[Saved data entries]
• • • • • • •

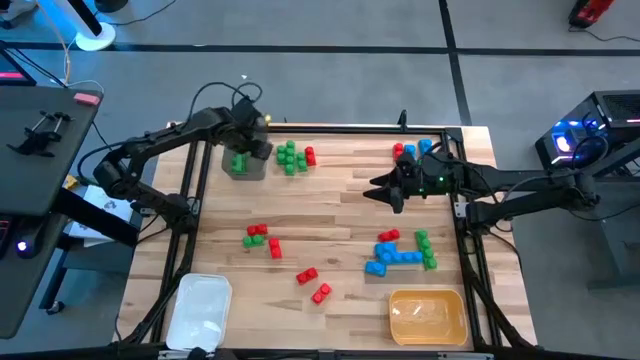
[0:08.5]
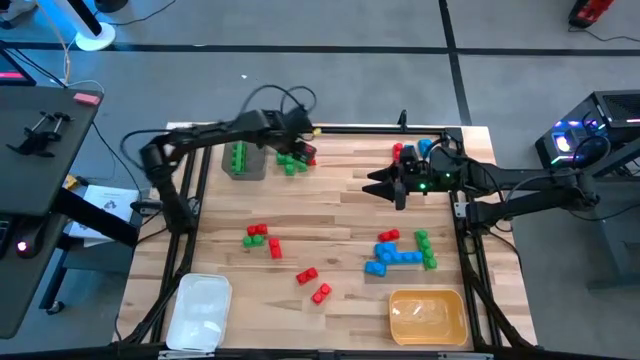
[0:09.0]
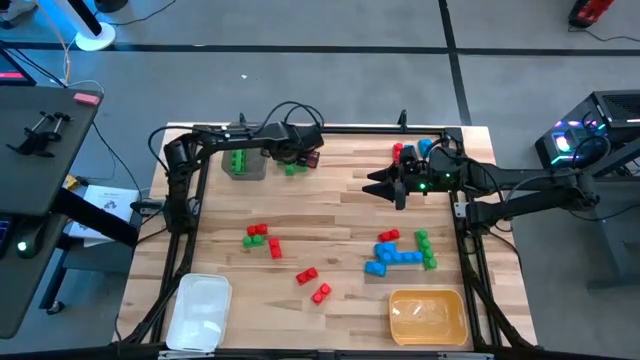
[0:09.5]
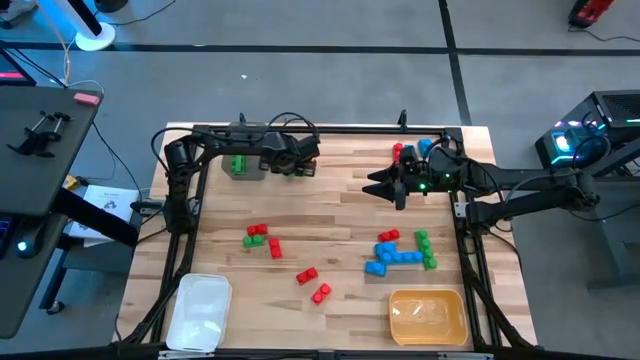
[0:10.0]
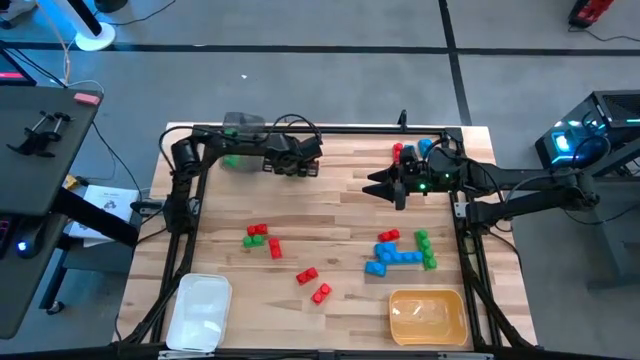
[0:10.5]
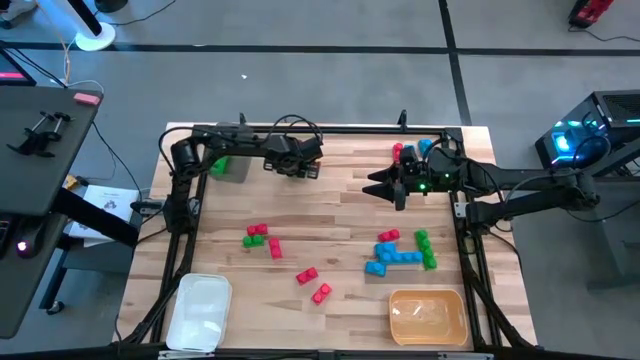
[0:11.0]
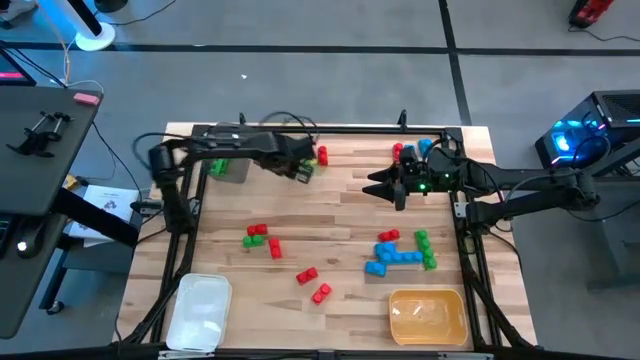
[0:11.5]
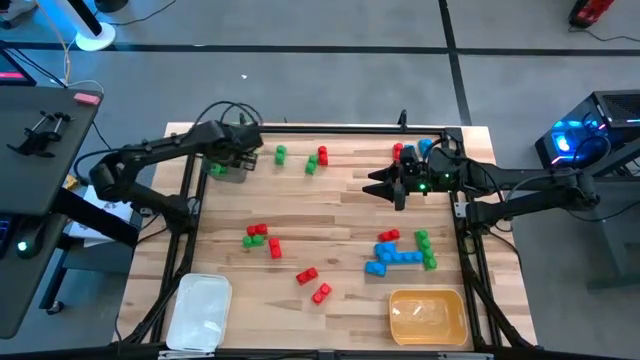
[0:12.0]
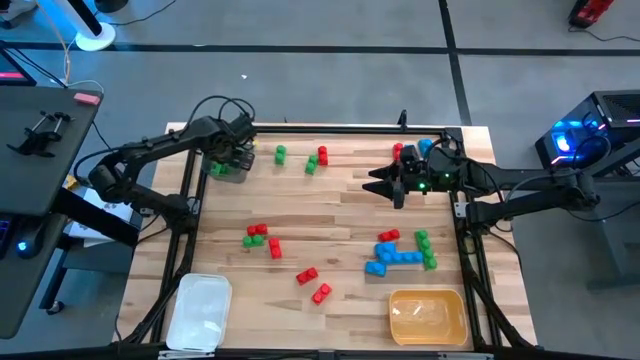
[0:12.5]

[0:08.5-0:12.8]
Task: Sort blocks
Put the green game piece into the black bin

• • • • • • •

_What you are asked to do_
Your task is to set down the records shown above exactly, minus any pictures.

_Written solution_
[0:08.5]
[0:09.0]
[0:09.5]
[0:10.0]
[0:10.5]
[0:11.0]
[0:11.5]
[0:12.0]
[0:12.5]

[0:08.5-0:12.8]
Task: Sort blocks
Put the green game piece into the black bin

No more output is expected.